Mean depth per individual
First we will look at the distribution of mean depth among individuals. We read the data in with
ind_depth <- read_delim("./cichlid_subset.idepth", delim = "\t", col_names = c("ind", "nsites", "depth"), skip = 1)
Then we plot the distribution as a histogram using
a <- ggplot(ind_depth, aes(depth)) + geom_histogram(fill = "dodgerblue1", colour = "black", alpha = 0.3) a + theme_light()
Because we are only plotting data for 16 individuals, the plot looks a little disjointed. While there is some evidence that some individuals were sequenced to a higher depth than others, there are no extreme outliers. So this doesn’t suggest any issue with individual sequencing depth.
Proportion of missing data per individual
Next we will look at the proportion of missing data per individual. We read in the data below:
ind_miss <- read_delim("./cichlid_subset.imiss", delim = "\t", col_names = c("ind", "ndata", "nfiltered", "nmiss", "fmiss"), skip = 1)
This is very similar to the missing data per site. Here we will focus on the
fmiss column - i.e. the proportion of missing data.
a <- ggplot(ind_miss, aes(fmiss)) + geom_histogram(fill = "dodgerblue1", colour = "black", alpha = 0.3) a + theme_light()
Again this shows us, the proportion of missing data per individual is very small indeed. It ranges from 0.01-0.16, so we can safely say our individuals sequenced well.
ind_het <- read_delim("./cichlid_subset.het", delim = "\t", col_names = c("ind","ho", "he", "nsites", "f"), skip = 1)

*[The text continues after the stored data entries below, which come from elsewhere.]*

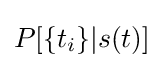
P[\{t_{i}\}|s(t)]
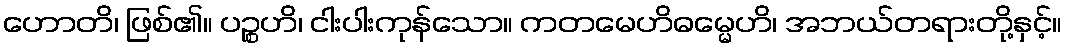
ဟောတိ၊ ဖြစ်၏။ ပဉ္စဟိ၊ ငါးပါးကုန်သော။ ကတမေဟိဓမ္မေဟိ၊ အဘယ်တရားတို့နှင့်။
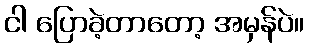
ငါ ပြောခဲ့တာတော့ အမှန်ပဲ။
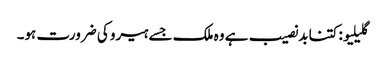
گلیلیو: کتنا بدنصیب ہے وہ ملک جسے ہیرو کی ضرورت ہو۔
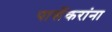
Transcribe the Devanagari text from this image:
पार्सेकरांना
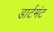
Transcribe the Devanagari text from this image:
डार्टमंट
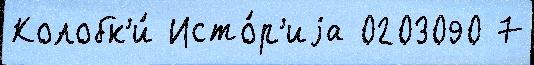
Колобк'и́ Исто́р'иjа 0203090 7
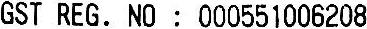
GST REG. NO : 000551006208
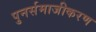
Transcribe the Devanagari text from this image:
पुनर्समाजीकरण
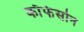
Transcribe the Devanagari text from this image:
काँफेसोन
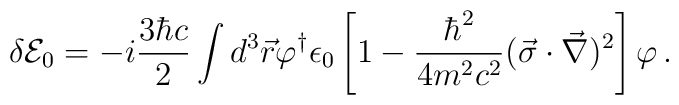
\delta {\cal E}_0=-i\frac{3\hbar c}{2}\int d^3\vec{r}\varphi^{\dagger}\epsilon_0\left[1-\frac{\hbar^2}{4m^2 c^2}(\vec{\sigma}\cdot\vec{\nabla})^2\right]\varphi\,{.}
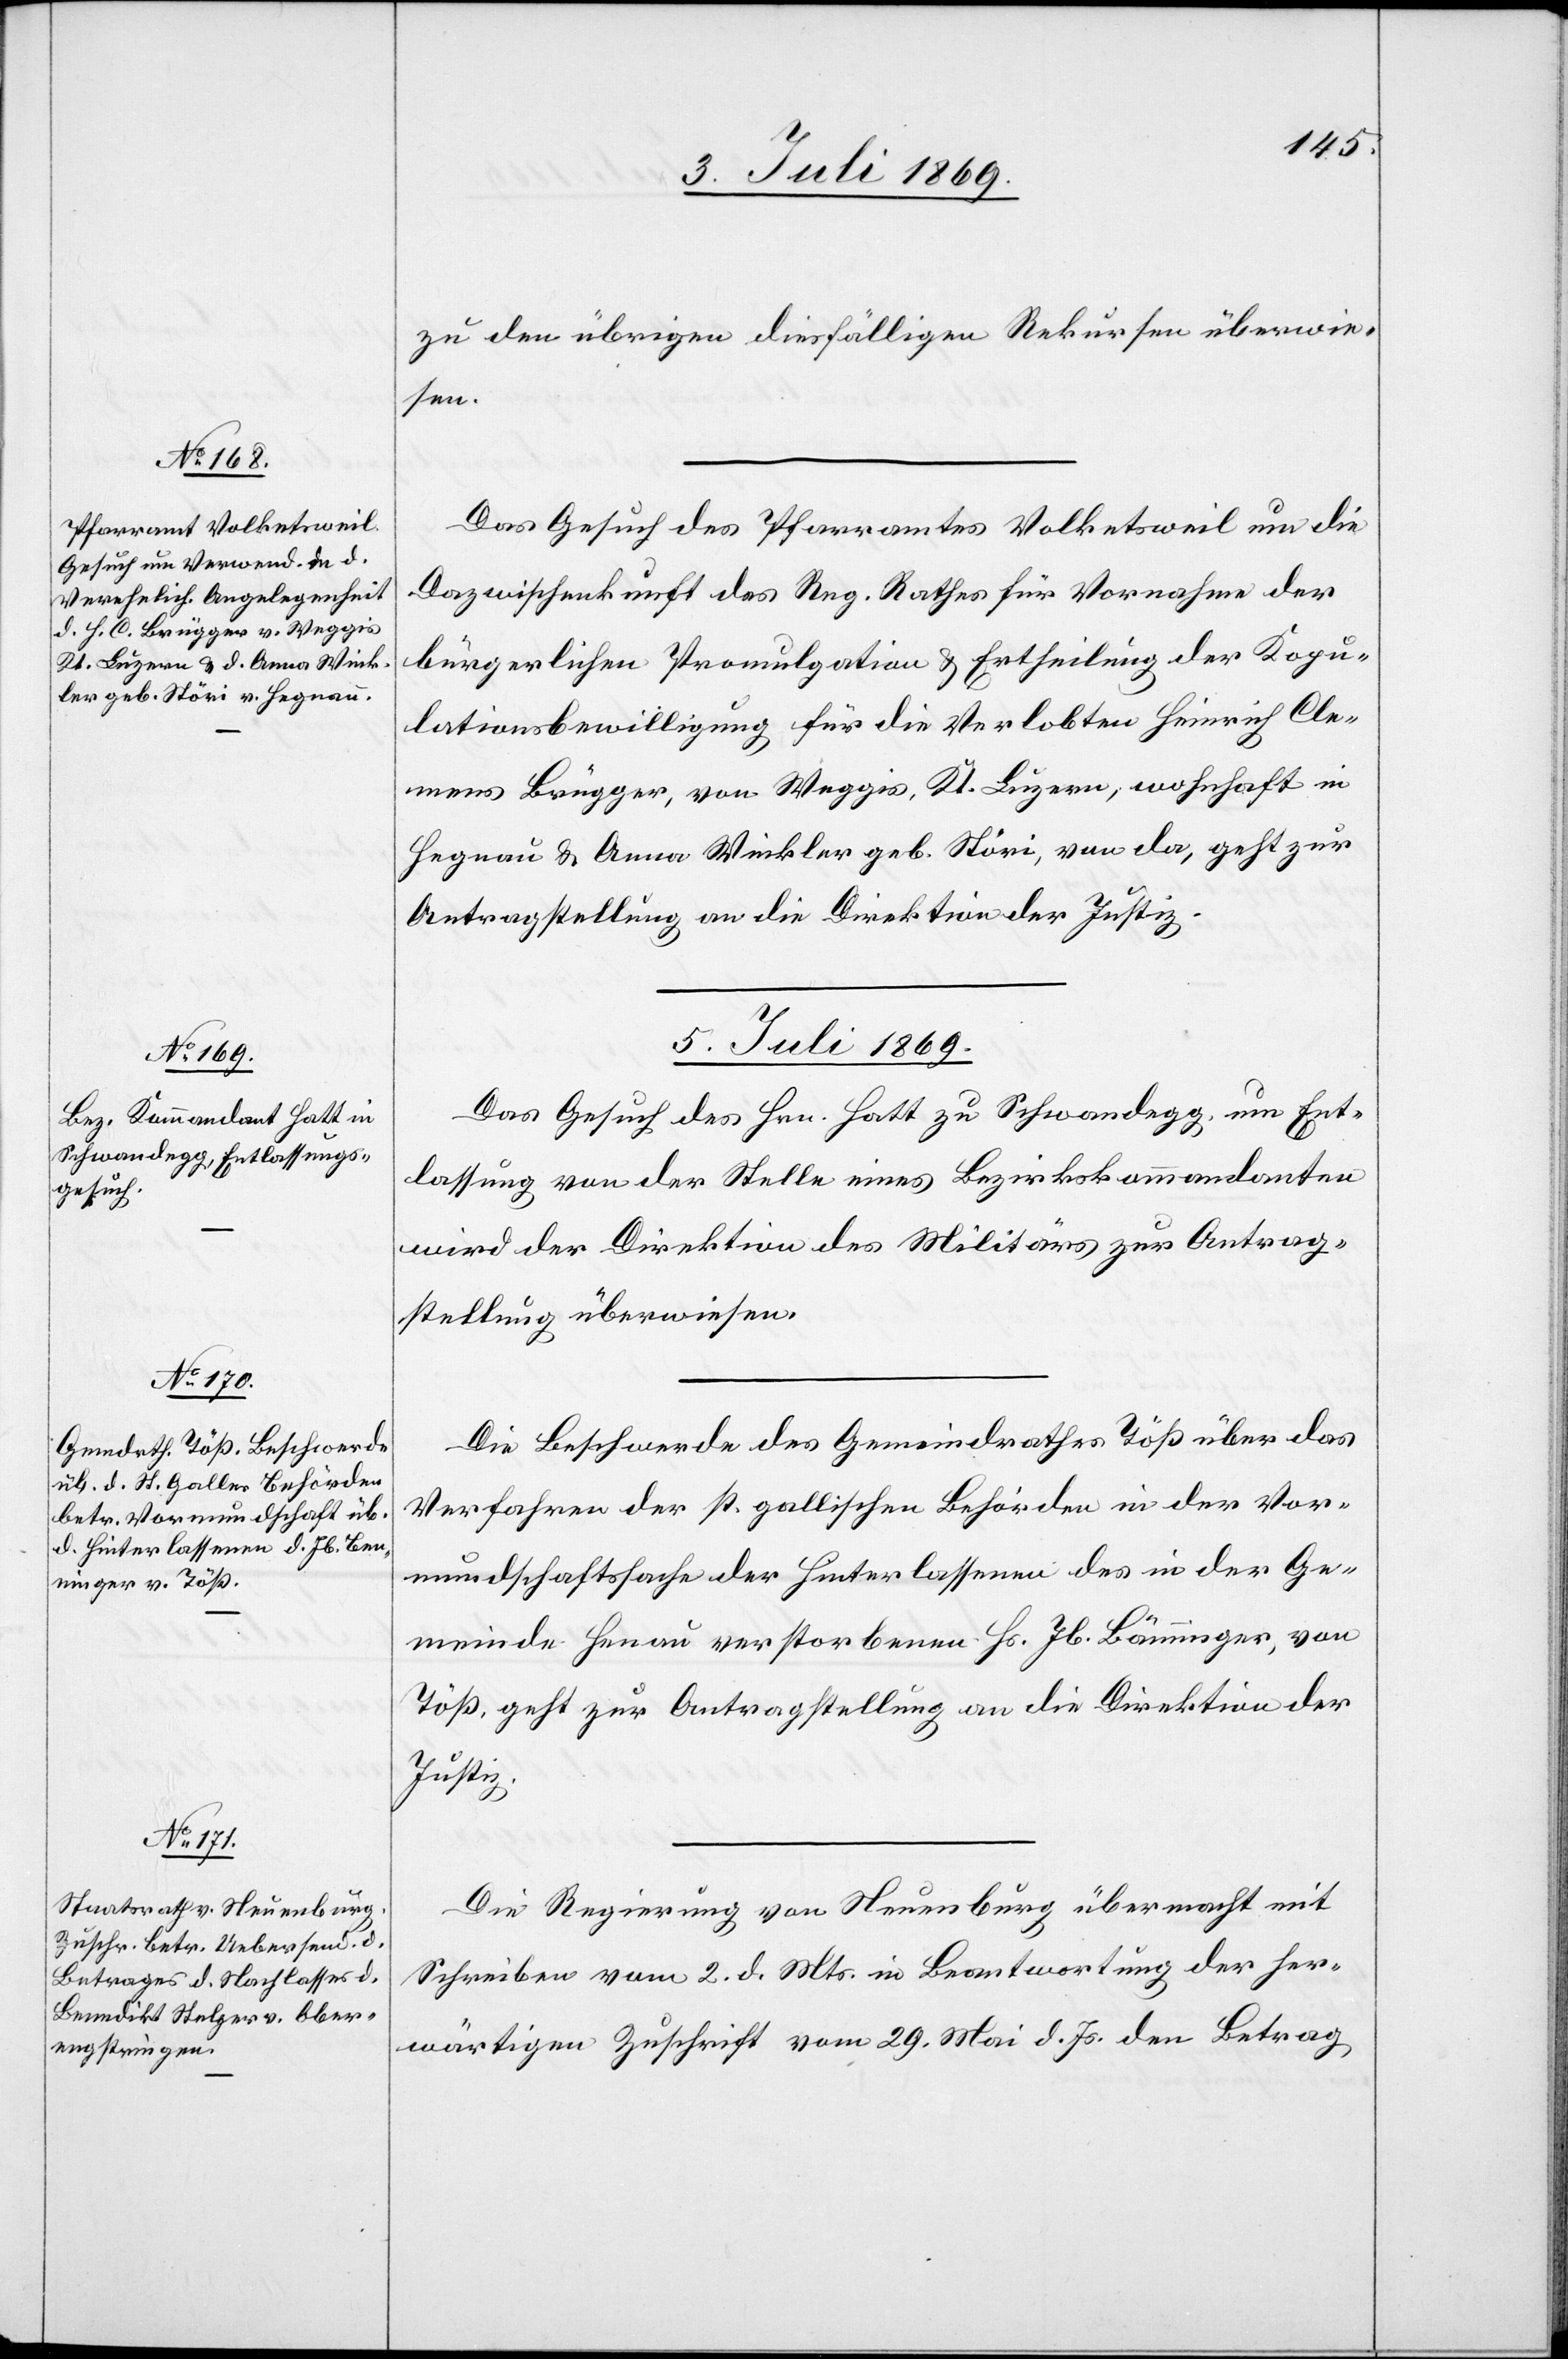
3. Juli 1869.]
zu den übrigen diesfälligen Rekursen überwie¬
sen.
Das Gesuch des Pfarramtes Volketsweil um die
Dazwischenkunft des Reg. Rathes für Vornahme der
bürgerlichen Promulgation u. Ertheilung der Kopu¬
lationsbewilligung für die Verlobten Heinrich Cle¬
mens Brügger, von Weggis, Kt. Luzern, wohnhaft in
Hegnau u. Anna Winkler geb. Störi, von da, geht zur
Antragstellung an die Direktion der Justiz.
5. Juli 1869.]
Das Gesuch des Hrn. Hatt zu Schwandegg, um Ent¬
lassung von der Stelle eines Bezirkskommandanten
wird der Direktion des Militärs zur Antrag¬
stellung überwiesen.
Die Beschwerde des Gemeindrathes Töß über das
Verfahren der st. gallischen Behörden in der Vor¬
mundschaftssache der Hinterlassenen des in der Ge¬
meinde Henau verstorbenen Hs. Jb. Bänninger
Töß, geht zur Antragstellung an die Direktion der
Justiz.
Die Regierung von Neuenburg übermacht mit
Schreiben vom 2. d. Mts. in Beantwortung der her¬
wärtigen Zuschrift vom 29. Mai d. Js. den Betrag

a <- ggplot(ind_het, aes(f)) + geom_histogram(fill = "dodgerblue1", colour = "black", alpha = 0.3) a + theme_light()
Applying filters to the VCF
Now we have an idea of how to set out thresholds, we will do just that. First of all, we will set some simple variables in order to make our filtering command more straightforward.
Then next we will set our chosen filters like so:
# set filters MAF=0.1 MISS=0.9 QUAL=30 MIN_DEPTH=10 MAX_DEPTH=50
Finally we run the following
vcftools command on the data to produce a filtered vcf. We will investigate the options as the filtering is running.

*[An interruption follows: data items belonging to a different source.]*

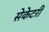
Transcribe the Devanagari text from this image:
सेकेटरी
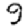
Digit: 9
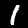
Label: 1
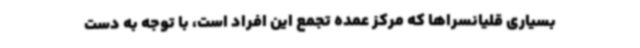
بسیاری قلیانسراها که مرکز عمده تجمع این افراد است، با توجه به دست
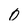
Character: 0
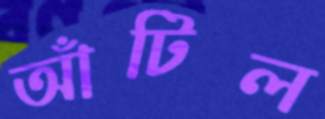
আঁটিল
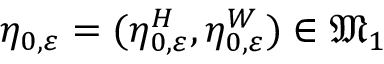
\eta _ { 0 , \varepsilon } = ( \eta _ { 0 , \varepsilon } ^ { H } , \eta _ { 0 , \varepsilon } ^ { W } ) \in \mathfrak { M } _ { 1 }
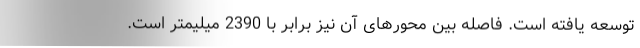
توسعه یافته است. فاصله بین محورهای آن نیز برابر با 2390 میلیمتر است.
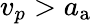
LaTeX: v_{p}>a_{\mathrm{a}}
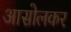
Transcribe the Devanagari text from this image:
आसोलकर
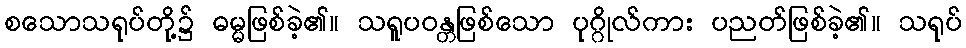
စသောသရုပ်တို့၌ ဓမ္မဖြစ်ခဲ့၏။ သရူပဝန္တဖြစ်သော ပုဂ္ဂိုလ်ကား ပညတ်ဖြစ်ခဲ့၏။ သရုပ်
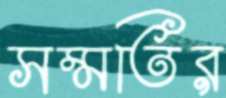
সম্মতির
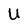
Character: U
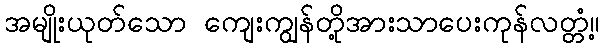
အမျိုးယုတ်သော ကျေးကျွန်တို့အားသာပေးကုန်လတ္တံ့။
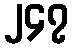
၂၄၇
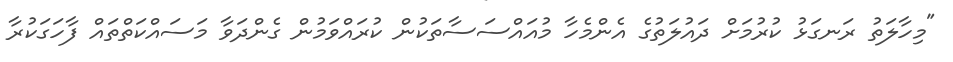
"މިހާލަތު ރަނގަޅު ކުރުމަށް ދައުލަތުގެ އެންމެހާ މުއައްސަސާތަކުން ކުރައްވަމުން ގެންދަވާ މަސައްކަތްތައް ފާހަގަކުރާ
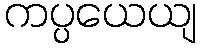
ကပ္ပယေယျ
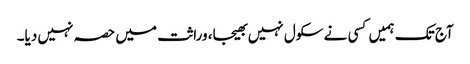
آج تک ہمیں کسی نے سکول نہیں بھیجا، وراثت میں حصہ نہیں دیا۔
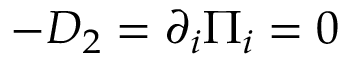
- D _ { 2 } = \partial _ { i } \Pi _ { i } = 0
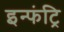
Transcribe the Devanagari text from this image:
इन्फंट्रि
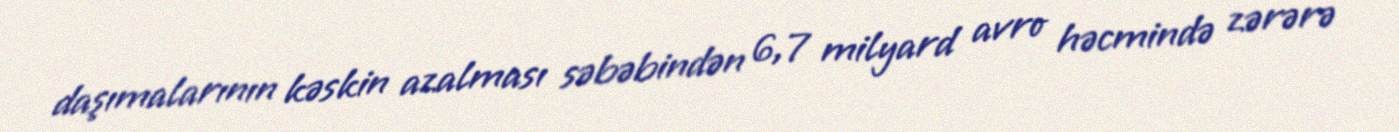
daşımalarının kəskin azalması səbəbindən 6,7 milyard avro həcmində zərərə
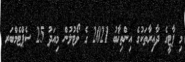
މި ޕާޓީގެ ދާއިރާތަކުގެ އިންތިޚާބު 2021 ގެ ވޯޓުލުން މިއަދު 25 ސެޕްޓެމްބަރ
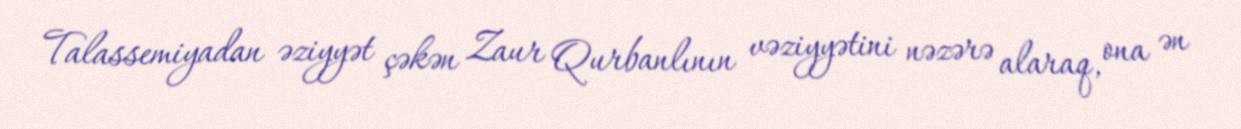
Talassemiyadan əziyyət çəkən Zaur Qurbanlının vəziyyətini nəzərə alaraq, ona ən

# move to the vcf directory cd vcf # perform the filtering with vcftools vcftools --gzvcf $VCF_IN \ --remove-indels --maf $MAF --max-missing $MISS --minQ $QUAL \ --min-meanDP $MIN_DEPTH --max-meanDP $MAX_DEPTH \ --minDP $MIN_DEPTH --maxDP $MAX_DEPTH --recode --stdout | gzip -c > \ $VCF_OUT
What have we done here?
--gvcf- input path – denotes a gzipped vcf file
--remove-indels- remove all indels (SNPs only)
--maf- set minor allele frequency - 0.1 here
--max-missing- set minimum missing data. A little counterintuitive - 0 is totally missing, 1 is none missing. Here 0.9 means we will tolerate 10% missing data.

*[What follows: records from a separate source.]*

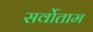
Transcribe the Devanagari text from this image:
सर्वोताम
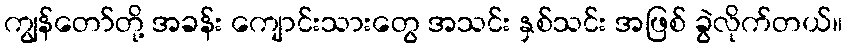
ကျွန်တော်တို့ အခန်း ကျောင်းသားတွေ အသင်း နှစ်သင်း အဖြစ် ခွဲလိုက်တယ်။
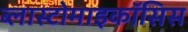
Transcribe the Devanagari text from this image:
ब्लास्टोमाइकॉसिस
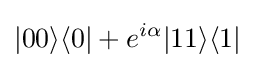
|00\rangle \langle 0|+e^{i\alpha }|11\rangle \langle 1|
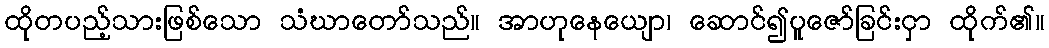
ထိုတပည့်သားဖြစ်သော သံဃာတော်သည်။ အာဟုနေယျော၊ ဆောင်၍ပူဇော်ခြင်းငှာ ထိုက်၏။
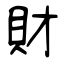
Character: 財
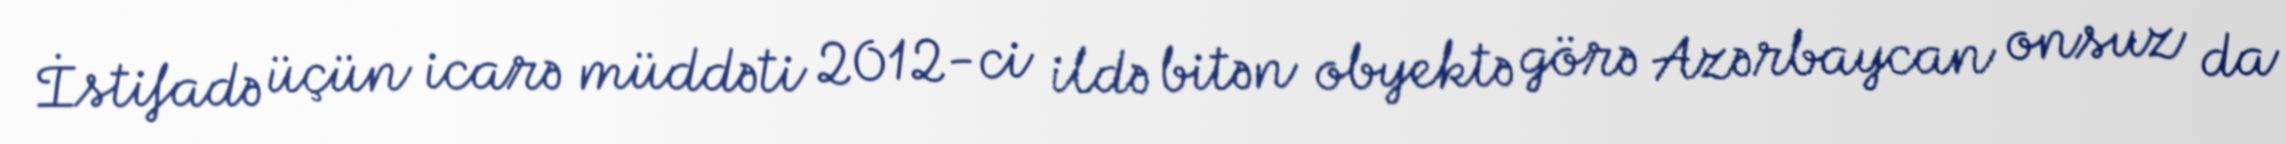
İstifadə üçün icarə müddəti 2012-ci ildə bitən obyektə görə Azərbaycan onsuz da
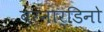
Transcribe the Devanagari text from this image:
बरनार्डिनो
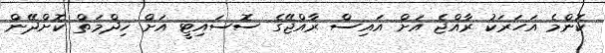
ކޮންމެ އަހަރަކު ރާއްޖެ އަށް އައިސް ރާއްޖޭގެ ސޮސައިޓީ އަށް ޚިދްމަތް ކޮށްދޭން
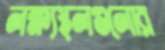
লক্ষ্যস্থলগুলোর
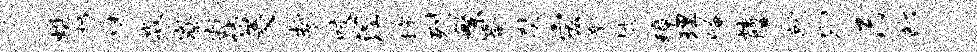
蜓枋味淼寮寂诣菱誓咬涅撑列繁答奘宏新披璋理崦炫牖就别乃部
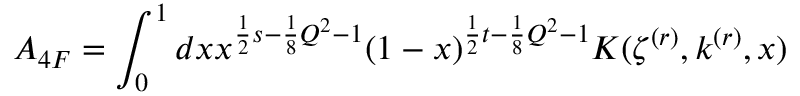
A _ { 4 F } = \int _ { 0 } ^ { 1 } d x x ^ { \frac { 1 } { 2 } s - \frac { 1 } { 8 } Q ^ { 2 } - 1 } ( 1 - x ) ^ { \frac { 1 } { 2 } t - \frac { 1 } { 8 } Q ^ { 2 } - 1 } K ( \zeta ^ { ( r ) } , k ^ { ( r ) } , x )
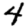
Digit: 4
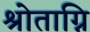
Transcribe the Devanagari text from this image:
श्रोताग्नि
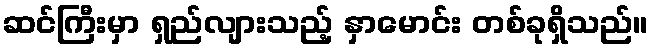
ဆင်ကြီးမှာ ရှည်လျားသည့် နှာမောင်း တစ်ခုရှိသည်။
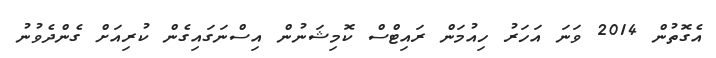
އެގޮތުން 2014 ވަނަ އަހަރު ހިއުމަން ރައިޓްސް ކޮމިޝަނުން އިސްނަގައިގެން ކުރިއަށް ގެންދެވުނު
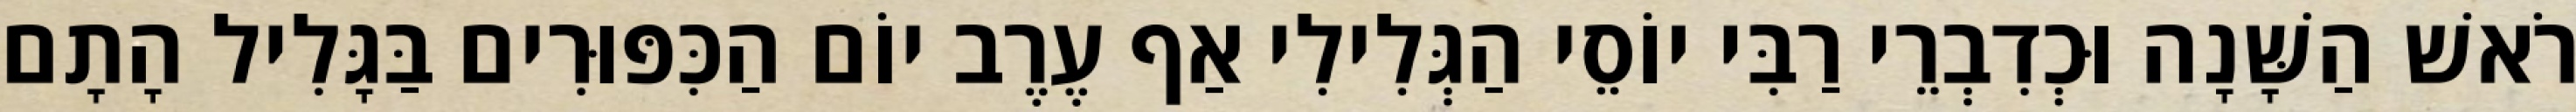
רֹאשׁ הַשָּׁנָה וּכְדִבְרֵי רַבִּי יוֹסֵי הַגְּלִילִי אַף עֶרֶב יוֹם הַכִּפּוּרִים בַּגָּלִיל הָתָם
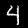
Digit: 4
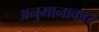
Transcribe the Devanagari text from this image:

--minQ- this is just the minimum quality score required for a site to pass our filtering threshold. Here we set it to 30.
--min-meanDP- the minimum mean depth for a site.
--max-meanDP- the maximum mean depth for a site.
--minDP- the minimum depth allowed for a genotype - any individual failing this threshold is marked as having a missing genotype.
--maxDP- the maximum depth allowed for a genotype - any individual failing this threshold is marked as having a missing genotype.
--recode- recode the output - necessary to output a vcf
--stdout- pipe the vcf out to the stdout (easier for file handling)
Now, how many variants remain? There are two ways to examine this - look at the vcftools log or the same way we tried before.
cat out.log bcftools view -H cichlid_full_filtered.vcf.gz | wc -l
You can see we have substantially filtered our dataset!